Sol 4370-4371: All About the Polygons

Sol 4370-4371: All About the Polygons

2 min read

Sol 4370-4371: All About the Polygons

A grayscale photograph of the Martian surface from the Curiosity rover captures medium gray, very uneven terrain in front of the rover, with many angular, lighter-toned, medium-sized rocks protruding from the smooth soil. The bottom of the frame shows part of the rover, running from the middle left to the lower right corner of the image, including part of its robotic arm which carries a nameplate imprinted with “Curiosity” outlined in all capital letters, and to the right of that a line drawing of the rover.
NASA’s Mars rover Curiosity acquired this image using its Left Navigation Camera on Nov. 20, 2024 — sol 4369, or Martian day 4,369 of the Mars Science Laboratory mission — at 05:47:04 UTC.
NASA/JPL-Caltech

Earth planning date: Wednesday, Nov. 20, 2024

We planned two very full sols today! The sol 4369 drive completed successfully, and the rover was in a stable enough position that we could unstow the arm — something we don’t take for granted in the exceedingly rocky terrain of the sulfate unit! Today the team decided to investigate several rocks in our workspace that are covered in cracks, or fractures, that form polygonal patterns. We are interested to better characterize the geometry of these cracks and to see if they are associated with any compositional differences from the rock. Both pieces of information will give us clues about how they formed. Did they form when stresses pushed on the rock in just the right manner to fracture it into polygonal shapes? Or do the cracks record the rock expanding and contracting, either due to massive changes in temperatures on the Martian surface, or minerals within the rock gaining and losing water? Or perhaps it is something different?
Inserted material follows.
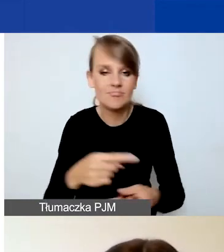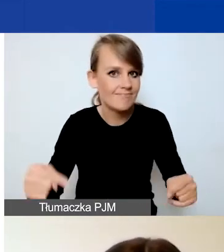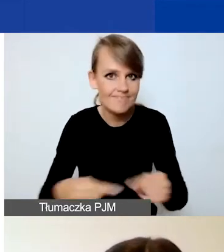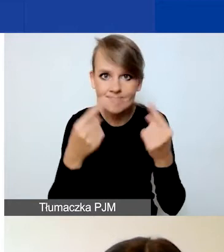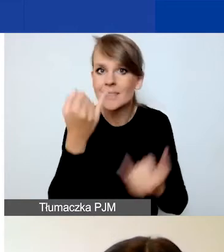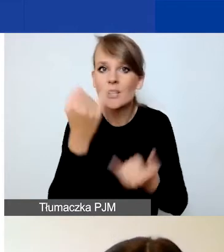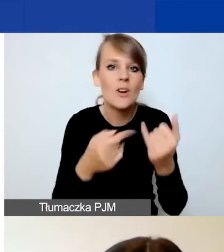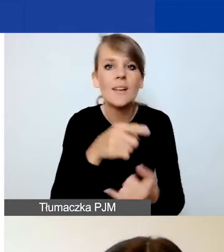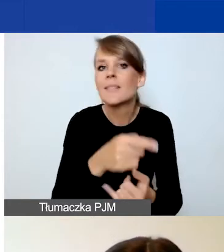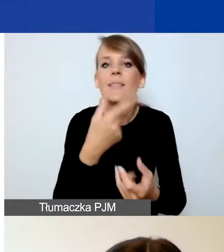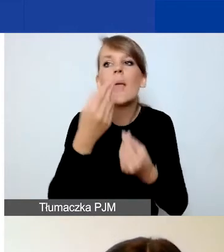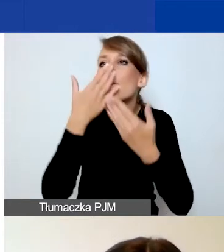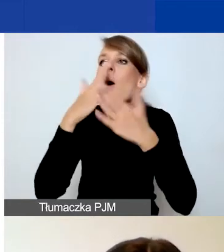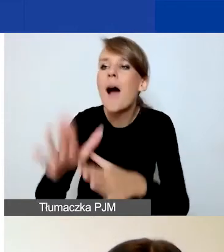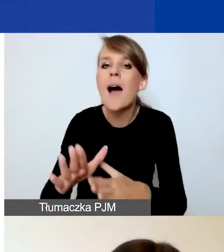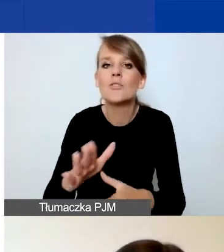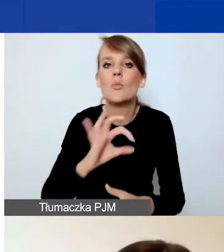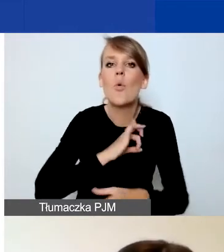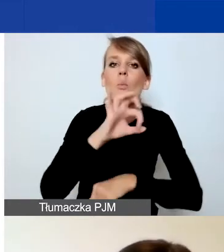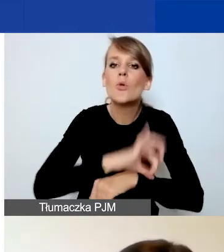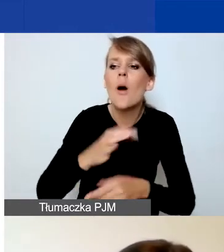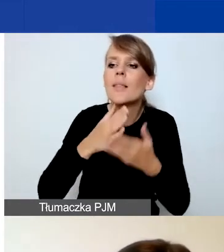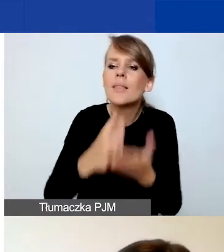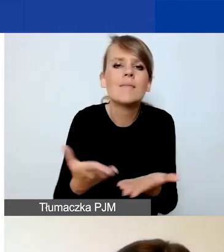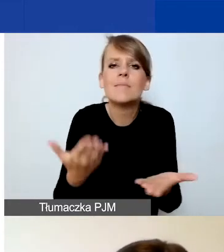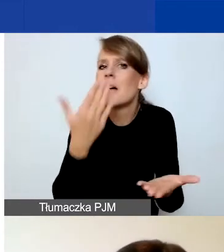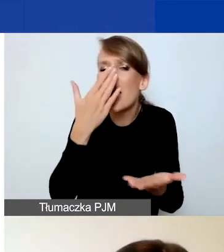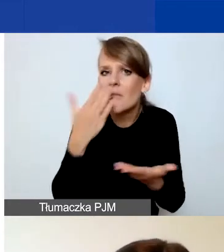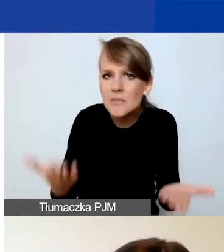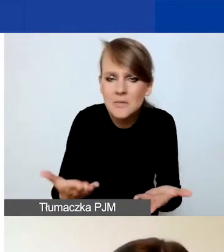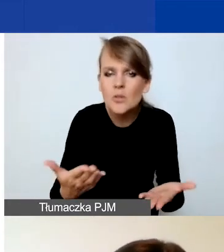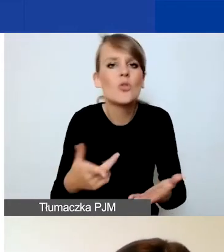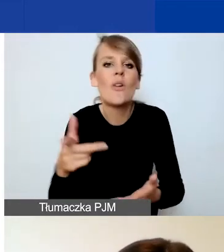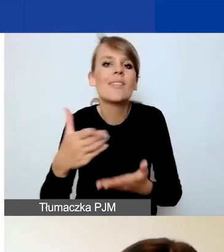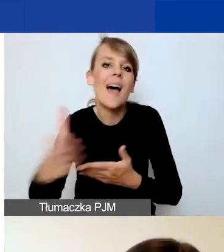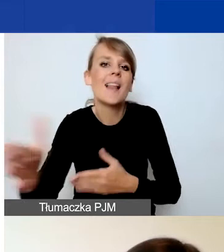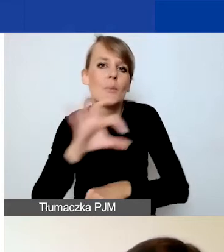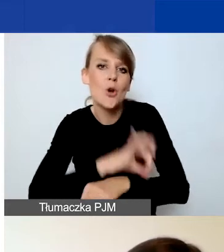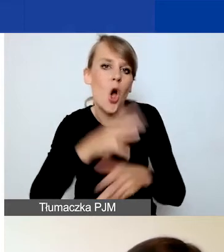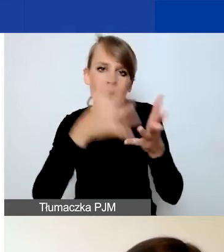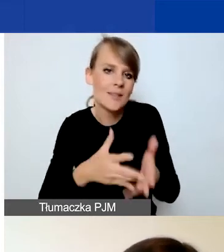na czym polega interwencyjność waszego projektu, to projekt nie będzie dalej oceniany i nie uzyska dofinansowania.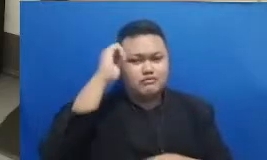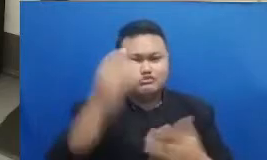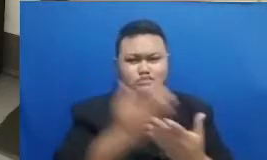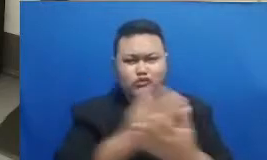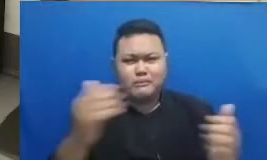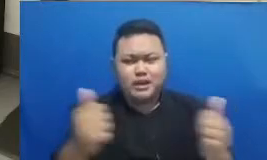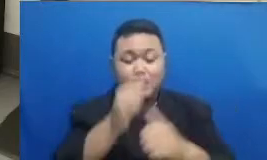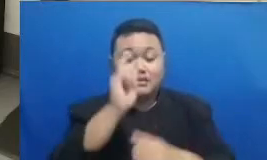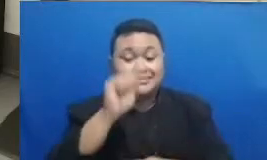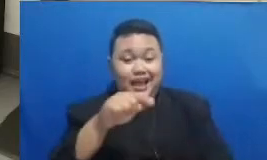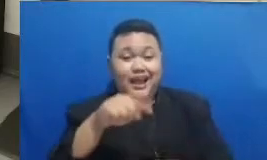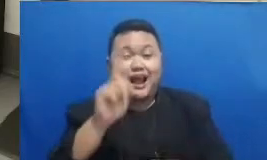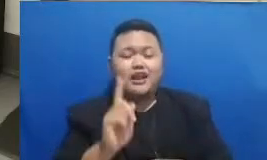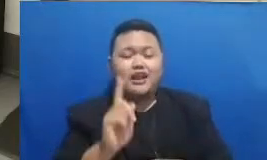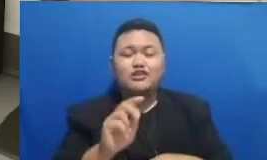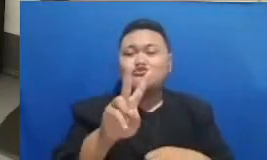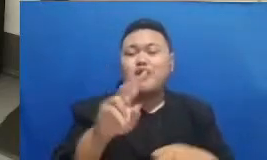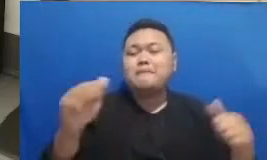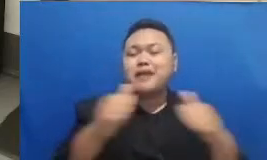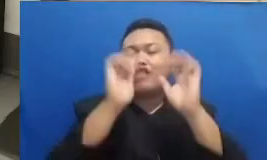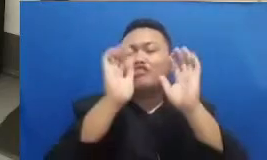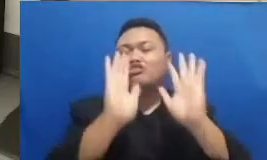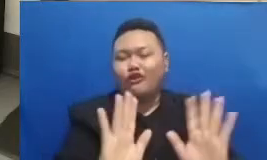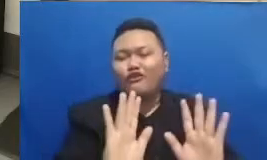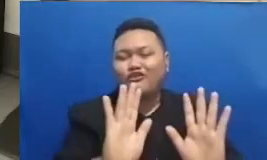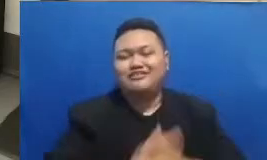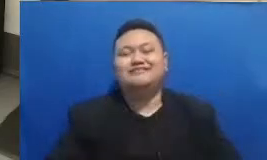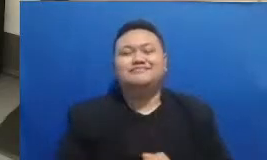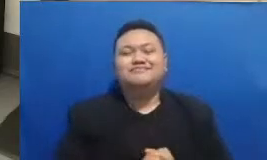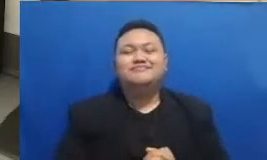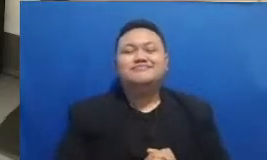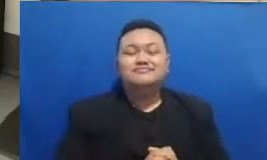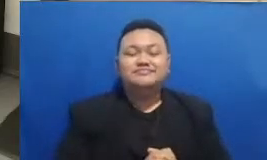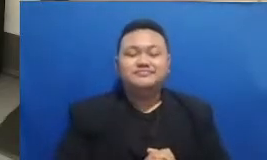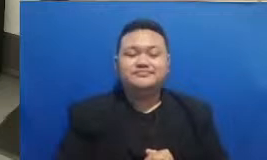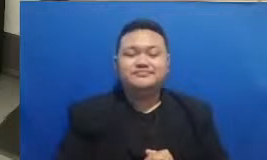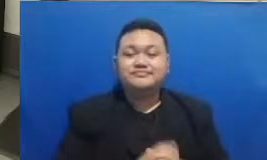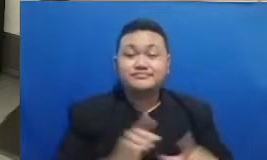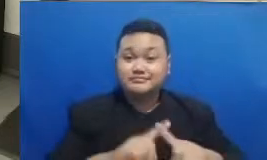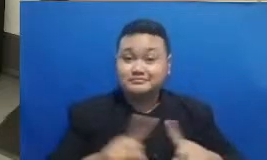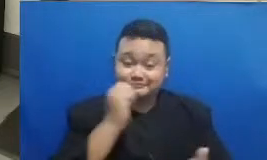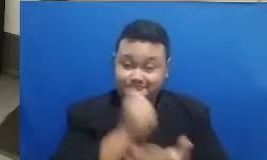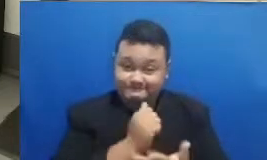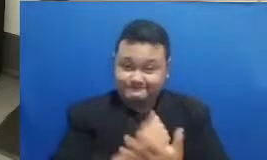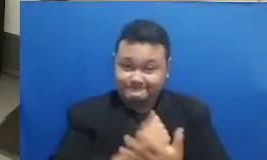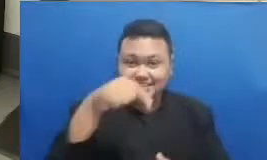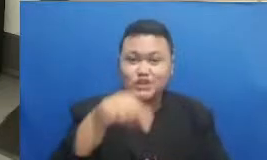ribuan yang hadir pada siang hari ini tapi kan ini sebetulnya adalah untuk menguji aja Apakah

We selected two contact science targets to investigate in our attempt to answer these questions. The target named “Buttermilk” is one of the skinny raised ridges associated with these cracks. We will be placing APXS at three different places over this feature to try to characterize its chemistry.  Our second contact science target,  “Lee Vining,” gives us a nice 3D view into these cracks. Here, we will collect two MAHLI mosaics, one on each side of the rock that’s close to the rover, to characterize the geometry of the fractures. ChemCam will also get in on the action with a LIBS observation on a fracture fill named “Crater Crest,” as well as an observation on a dark-toned, platy rock called “Lost Arrow.” Mastcam will collect observations of several more polygonally fractured rocks further away from Curiosity in “The Dardanelles” series of mosaics. Some environmental science observations will round out the plan before our drive will take us about 25 meters further (about 82 feet) to the southwest.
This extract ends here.